# Data records

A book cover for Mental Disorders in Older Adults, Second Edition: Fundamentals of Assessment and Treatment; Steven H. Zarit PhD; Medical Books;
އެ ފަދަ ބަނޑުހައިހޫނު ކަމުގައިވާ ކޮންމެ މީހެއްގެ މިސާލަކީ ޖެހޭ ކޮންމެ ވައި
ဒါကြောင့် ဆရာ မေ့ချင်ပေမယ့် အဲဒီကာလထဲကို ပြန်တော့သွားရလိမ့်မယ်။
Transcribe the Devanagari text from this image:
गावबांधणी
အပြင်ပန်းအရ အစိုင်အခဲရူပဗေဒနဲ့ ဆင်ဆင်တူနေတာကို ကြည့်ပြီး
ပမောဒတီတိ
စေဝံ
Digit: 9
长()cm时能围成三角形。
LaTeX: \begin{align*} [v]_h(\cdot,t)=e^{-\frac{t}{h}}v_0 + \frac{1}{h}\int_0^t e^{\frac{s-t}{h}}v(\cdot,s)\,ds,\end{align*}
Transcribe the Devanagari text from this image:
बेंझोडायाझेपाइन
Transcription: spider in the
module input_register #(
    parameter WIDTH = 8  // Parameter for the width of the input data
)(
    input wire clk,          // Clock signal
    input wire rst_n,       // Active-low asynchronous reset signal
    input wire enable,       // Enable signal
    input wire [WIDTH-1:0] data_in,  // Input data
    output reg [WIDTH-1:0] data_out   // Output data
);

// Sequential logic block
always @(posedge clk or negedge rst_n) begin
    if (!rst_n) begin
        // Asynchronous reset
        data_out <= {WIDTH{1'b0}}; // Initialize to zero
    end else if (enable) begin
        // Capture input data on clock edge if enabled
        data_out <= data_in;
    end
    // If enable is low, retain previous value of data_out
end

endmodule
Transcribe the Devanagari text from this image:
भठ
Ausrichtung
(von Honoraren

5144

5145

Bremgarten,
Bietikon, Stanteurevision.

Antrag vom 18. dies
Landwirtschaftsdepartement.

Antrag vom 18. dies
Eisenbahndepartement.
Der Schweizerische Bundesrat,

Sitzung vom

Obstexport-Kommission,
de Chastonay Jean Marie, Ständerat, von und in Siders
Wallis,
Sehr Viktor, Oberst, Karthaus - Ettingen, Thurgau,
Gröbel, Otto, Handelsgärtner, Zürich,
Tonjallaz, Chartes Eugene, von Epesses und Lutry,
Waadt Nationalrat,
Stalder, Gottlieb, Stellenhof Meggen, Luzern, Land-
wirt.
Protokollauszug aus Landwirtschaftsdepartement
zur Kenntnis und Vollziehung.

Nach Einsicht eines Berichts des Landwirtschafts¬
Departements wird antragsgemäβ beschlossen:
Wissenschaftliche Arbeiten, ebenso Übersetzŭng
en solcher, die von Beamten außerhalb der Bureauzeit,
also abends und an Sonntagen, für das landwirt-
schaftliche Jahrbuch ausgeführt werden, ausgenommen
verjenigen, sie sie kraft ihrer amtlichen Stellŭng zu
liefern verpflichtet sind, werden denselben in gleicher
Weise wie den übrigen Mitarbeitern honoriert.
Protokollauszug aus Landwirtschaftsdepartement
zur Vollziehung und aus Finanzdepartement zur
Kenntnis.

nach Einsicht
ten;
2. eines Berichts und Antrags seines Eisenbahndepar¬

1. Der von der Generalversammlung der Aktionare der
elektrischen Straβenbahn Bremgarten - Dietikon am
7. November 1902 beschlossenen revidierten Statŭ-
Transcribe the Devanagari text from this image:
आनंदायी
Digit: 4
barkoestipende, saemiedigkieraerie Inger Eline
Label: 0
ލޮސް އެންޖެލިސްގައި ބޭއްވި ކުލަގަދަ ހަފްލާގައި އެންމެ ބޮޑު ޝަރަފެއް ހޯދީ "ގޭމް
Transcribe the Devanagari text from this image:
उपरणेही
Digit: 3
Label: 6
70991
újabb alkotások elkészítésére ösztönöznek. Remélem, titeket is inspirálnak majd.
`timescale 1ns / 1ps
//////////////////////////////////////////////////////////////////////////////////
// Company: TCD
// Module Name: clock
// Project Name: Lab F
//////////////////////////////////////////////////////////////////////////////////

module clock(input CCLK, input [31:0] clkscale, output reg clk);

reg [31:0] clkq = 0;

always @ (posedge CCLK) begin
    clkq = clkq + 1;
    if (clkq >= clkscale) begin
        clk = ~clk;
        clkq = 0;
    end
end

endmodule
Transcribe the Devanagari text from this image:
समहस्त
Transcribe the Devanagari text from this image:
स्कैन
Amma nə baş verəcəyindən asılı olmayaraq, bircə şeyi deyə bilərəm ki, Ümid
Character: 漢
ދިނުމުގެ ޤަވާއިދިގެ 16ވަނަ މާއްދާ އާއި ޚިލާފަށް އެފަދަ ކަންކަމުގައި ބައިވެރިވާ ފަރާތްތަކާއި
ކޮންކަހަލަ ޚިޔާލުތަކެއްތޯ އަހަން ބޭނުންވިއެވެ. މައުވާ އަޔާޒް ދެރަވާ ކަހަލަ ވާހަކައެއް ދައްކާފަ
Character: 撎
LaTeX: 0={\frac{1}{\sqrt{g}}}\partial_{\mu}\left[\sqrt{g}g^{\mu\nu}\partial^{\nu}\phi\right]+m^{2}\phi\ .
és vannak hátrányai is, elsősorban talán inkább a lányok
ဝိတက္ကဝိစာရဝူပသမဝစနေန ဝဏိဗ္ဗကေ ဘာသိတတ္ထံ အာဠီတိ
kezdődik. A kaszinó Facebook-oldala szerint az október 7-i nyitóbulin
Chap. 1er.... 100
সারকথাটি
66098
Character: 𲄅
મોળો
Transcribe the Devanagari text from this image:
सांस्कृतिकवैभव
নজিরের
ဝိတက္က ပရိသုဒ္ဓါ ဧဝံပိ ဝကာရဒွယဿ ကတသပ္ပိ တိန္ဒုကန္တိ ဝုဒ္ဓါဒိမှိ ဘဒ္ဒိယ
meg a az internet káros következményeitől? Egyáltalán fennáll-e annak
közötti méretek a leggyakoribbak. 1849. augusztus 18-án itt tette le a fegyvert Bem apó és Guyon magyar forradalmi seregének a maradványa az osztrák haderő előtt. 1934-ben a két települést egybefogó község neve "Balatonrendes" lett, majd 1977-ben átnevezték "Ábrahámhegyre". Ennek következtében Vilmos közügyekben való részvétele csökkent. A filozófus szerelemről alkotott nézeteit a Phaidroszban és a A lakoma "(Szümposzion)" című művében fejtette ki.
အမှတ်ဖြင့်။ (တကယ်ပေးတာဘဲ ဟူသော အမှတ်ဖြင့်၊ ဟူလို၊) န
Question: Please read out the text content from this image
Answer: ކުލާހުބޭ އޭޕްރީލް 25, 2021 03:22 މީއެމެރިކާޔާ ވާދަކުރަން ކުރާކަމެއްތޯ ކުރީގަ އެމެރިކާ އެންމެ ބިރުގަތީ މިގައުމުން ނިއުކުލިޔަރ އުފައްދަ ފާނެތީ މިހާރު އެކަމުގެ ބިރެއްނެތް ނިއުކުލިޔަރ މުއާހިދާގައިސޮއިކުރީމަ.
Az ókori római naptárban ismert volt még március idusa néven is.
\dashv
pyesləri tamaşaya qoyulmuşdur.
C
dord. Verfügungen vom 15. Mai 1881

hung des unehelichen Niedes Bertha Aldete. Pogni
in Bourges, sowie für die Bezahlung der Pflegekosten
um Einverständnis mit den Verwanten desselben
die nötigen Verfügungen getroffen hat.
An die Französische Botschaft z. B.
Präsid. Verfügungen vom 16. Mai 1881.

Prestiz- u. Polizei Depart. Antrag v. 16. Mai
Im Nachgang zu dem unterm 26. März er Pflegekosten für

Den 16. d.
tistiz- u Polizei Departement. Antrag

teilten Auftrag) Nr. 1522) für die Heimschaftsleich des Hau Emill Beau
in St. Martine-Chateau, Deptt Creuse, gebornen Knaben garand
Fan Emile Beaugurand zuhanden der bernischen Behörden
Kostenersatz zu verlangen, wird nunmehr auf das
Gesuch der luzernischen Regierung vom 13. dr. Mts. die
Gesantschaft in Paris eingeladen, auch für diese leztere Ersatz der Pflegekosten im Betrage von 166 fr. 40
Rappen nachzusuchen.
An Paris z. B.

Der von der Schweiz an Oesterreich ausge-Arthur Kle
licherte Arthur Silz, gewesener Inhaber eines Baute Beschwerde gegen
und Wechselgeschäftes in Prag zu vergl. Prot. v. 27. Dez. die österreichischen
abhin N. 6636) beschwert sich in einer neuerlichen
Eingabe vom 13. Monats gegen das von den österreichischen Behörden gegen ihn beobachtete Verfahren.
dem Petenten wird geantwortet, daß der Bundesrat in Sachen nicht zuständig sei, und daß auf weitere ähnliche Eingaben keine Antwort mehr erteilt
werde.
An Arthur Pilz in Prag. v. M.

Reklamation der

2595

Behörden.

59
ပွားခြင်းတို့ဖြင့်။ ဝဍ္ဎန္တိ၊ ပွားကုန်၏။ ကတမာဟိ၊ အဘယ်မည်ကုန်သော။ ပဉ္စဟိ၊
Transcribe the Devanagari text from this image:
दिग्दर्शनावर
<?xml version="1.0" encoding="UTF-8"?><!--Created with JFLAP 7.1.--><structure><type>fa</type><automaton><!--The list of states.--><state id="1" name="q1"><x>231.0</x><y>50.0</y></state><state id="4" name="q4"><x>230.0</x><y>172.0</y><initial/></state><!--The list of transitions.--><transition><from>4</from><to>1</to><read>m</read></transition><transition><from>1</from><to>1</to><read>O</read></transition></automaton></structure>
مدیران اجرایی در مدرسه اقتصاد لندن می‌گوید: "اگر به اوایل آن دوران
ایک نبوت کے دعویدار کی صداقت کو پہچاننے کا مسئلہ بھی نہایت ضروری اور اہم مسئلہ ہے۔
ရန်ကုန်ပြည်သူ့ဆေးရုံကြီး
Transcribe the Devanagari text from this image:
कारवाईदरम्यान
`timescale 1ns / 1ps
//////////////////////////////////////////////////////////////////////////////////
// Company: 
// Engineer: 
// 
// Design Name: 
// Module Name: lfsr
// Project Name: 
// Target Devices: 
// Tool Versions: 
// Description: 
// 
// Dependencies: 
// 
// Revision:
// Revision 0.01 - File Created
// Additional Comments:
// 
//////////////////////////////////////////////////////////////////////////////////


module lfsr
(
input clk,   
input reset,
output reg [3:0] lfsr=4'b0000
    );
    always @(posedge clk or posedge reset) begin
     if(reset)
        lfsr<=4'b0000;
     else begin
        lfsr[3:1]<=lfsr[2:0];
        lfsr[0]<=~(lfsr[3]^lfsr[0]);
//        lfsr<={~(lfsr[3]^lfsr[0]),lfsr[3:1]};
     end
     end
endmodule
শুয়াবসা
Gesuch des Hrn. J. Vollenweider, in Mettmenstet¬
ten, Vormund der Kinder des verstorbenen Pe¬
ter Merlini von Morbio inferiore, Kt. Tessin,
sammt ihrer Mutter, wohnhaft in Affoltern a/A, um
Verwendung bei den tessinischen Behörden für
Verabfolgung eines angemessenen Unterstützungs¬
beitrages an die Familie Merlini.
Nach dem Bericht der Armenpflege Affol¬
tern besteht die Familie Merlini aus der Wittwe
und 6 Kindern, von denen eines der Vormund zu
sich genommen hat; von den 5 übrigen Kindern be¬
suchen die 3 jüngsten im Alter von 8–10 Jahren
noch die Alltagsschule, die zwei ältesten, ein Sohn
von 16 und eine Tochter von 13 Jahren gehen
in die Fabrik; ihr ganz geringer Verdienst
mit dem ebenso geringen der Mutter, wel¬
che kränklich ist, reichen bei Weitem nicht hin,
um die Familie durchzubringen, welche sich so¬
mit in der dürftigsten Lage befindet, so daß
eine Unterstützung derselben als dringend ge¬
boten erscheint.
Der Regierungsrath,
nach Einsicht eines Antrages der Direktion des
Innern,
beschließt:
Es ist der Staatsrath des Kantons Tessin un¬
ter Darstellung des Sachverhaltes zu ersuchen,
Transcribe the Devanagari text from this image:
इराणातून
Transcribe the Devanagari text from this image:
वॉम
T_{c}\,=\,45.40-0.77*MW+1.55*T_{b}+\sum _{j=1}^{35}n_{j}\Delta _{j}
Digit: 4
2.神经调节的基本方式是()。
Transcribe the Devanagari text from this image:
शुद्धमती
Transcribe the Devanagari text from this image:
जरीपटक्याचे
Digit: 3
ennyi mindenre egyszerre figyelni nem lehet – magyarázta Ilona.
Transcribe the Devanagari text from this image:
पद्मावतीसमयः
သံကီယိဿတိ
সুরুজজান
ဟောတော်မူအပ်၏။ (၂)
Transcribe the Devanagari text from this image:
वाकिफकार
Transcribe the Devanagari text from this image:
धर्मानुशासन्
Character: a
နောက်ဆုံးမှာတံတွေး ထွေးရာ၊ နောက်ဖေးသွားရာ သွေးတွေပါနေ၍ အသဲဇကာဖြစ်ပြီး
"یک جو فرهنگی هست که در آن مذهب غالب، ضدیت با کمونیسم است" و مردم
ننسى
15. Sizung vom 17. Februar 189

# Task objective
Could you output the lines above, exactly as written, from the one containing "ဟောတော်မူအပ်၏။ (၂)" through the last, with both ends included and no others?

# Response below
ဟောတော်မူအပ်၏။ (၂)
Transcribe the Devanagari text from this image:
वाकिफकार
Transcribe the Devanagari text from this image:
धर्मानुशासन्
Character: a
နောက်ဆုံးမှာတံတွေး ထွေးရာ၊ နောက်ဖေးသွားရာ သွေးတွေပါနေ၍ အသဲဇကာဖြစ်ပြီး
"یک جو فرهنگی هست که در آن مذهب غالب، ضدیت با کمونیسم است" و مردم
ننسى
15. Sizung vom 17. Februar 189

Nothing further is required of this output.